3. From the previous remark we see that that if $m$ is the least common multiple of the degrees $\deg p_i(x), i=1,2,\ldots,k$, then the polynomial $p(x)$ passes the simple test of the main algorithm. We can soup up the algorithm by testing whether the polynomial $r_d(x)-x$ has a common factor with $p(x)$ for those values of $d$ such that $d\mid m$. This will then catch $p(x)$ is reducible.

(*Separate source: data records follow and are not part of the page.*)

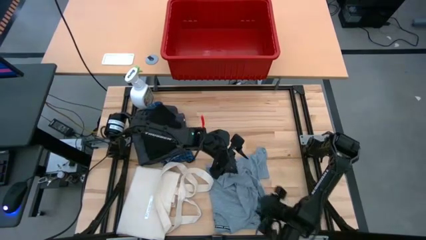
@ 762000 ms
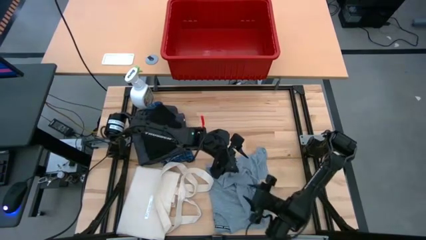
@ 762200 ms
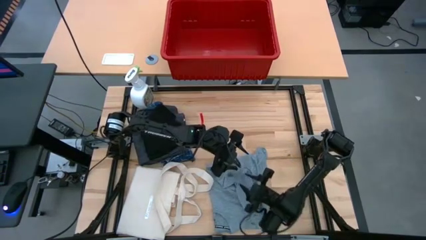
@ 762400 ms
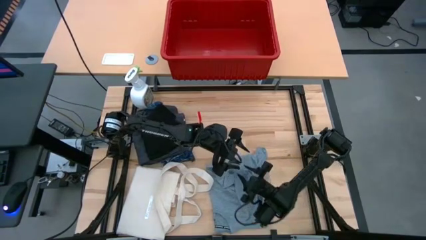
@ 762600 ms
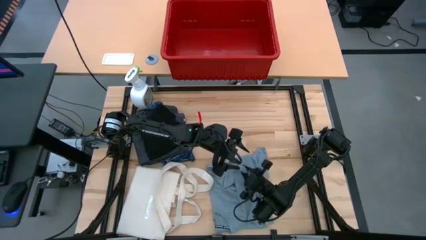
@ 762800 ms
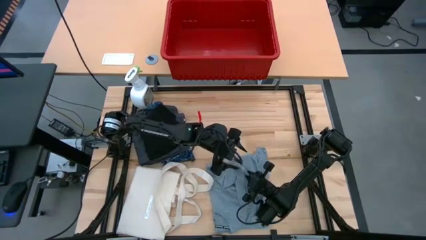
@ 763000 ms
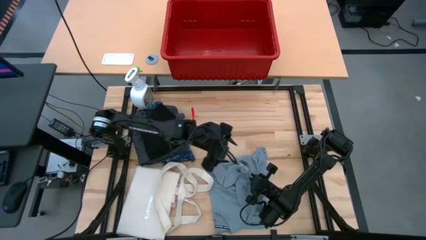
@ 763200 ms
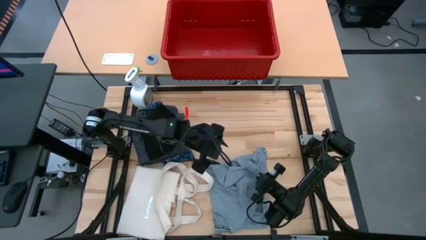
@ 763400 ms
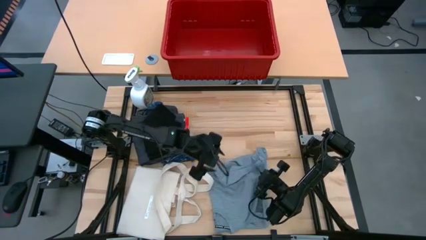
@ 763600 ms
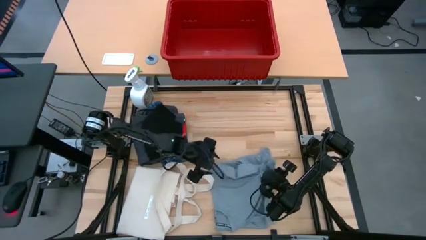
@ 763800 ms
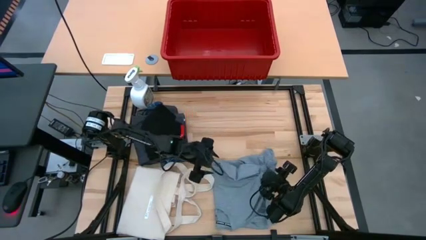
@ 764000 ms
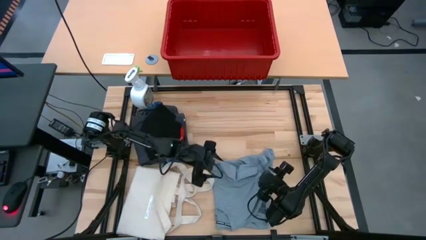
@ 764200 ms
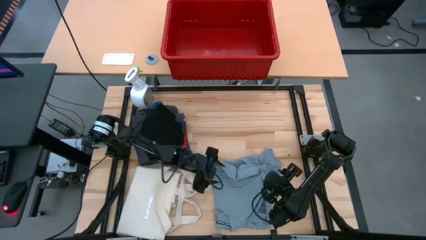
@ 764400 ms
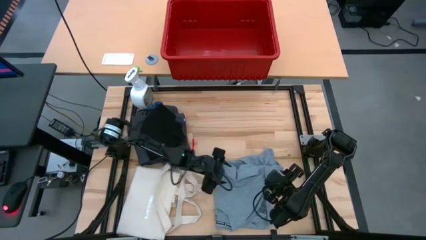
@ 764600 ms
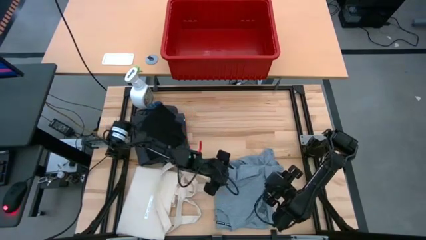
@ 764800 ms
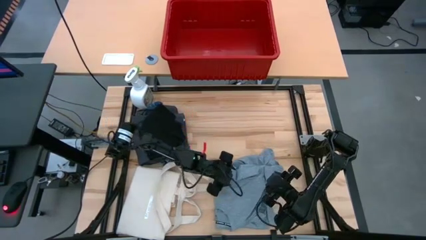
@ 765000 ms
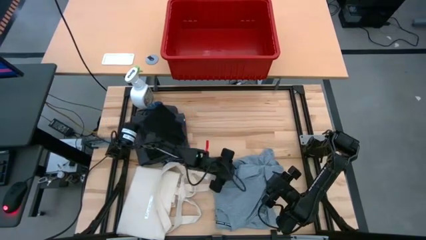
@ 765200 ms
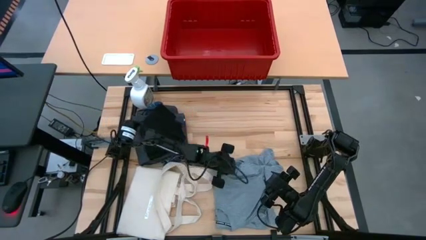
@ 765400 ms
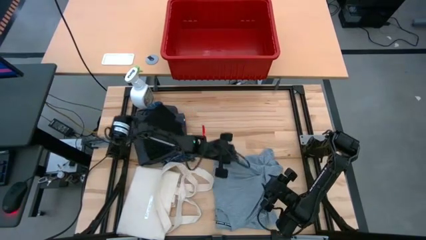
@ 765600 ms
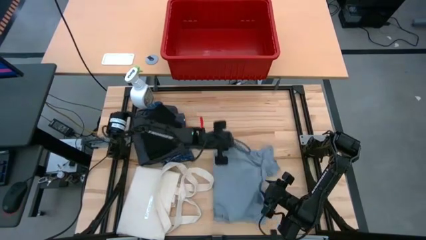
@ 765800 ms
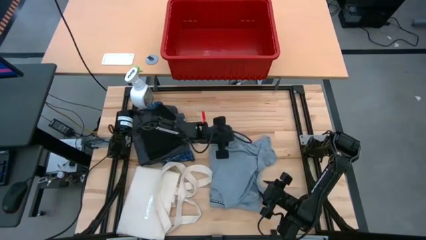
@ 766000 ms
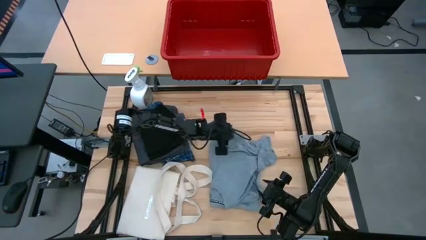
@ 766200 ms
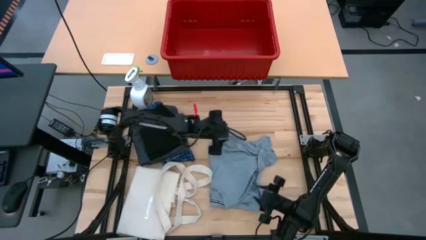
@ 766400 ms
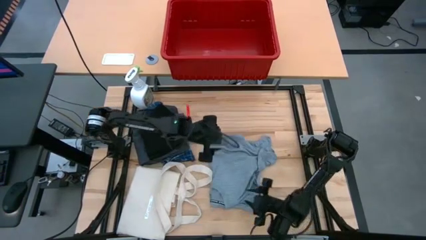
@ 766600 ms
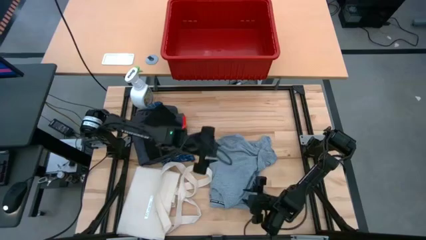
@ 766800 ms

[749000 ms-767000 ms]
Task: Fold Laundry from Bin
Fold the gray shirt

Namely, if $p_i(x)$ is a factor of degree $d$, then $p_i(x)$ is a common factor of $p(x)$ and $x^{2^d}-x$, and will thus be a factor of $r_d(x)-x$.
4. The OP discussed testing the remainder of $a^{2^{127}-1}$ modulo $p(x)$ for some generic element $a\in GF(2^{127})\setminus GF(2)$. I'm not sure what they wanted to do here, because without the irreducible polynomial $p(x)$ we may not have implemented the field $GF(2^{127})$ yet. The main algorithm uses the coset of $x$ modulo $p(x)$ as a generic element of a "candidate field" $GF(2)[x]/\langle p(x)\rangle$ much the same way, so in that sense the method works. Indeed, because $2^{127}-1$ is also a prime, the order of $x$ must be precisely $2^{127}-1$ in the positive cases.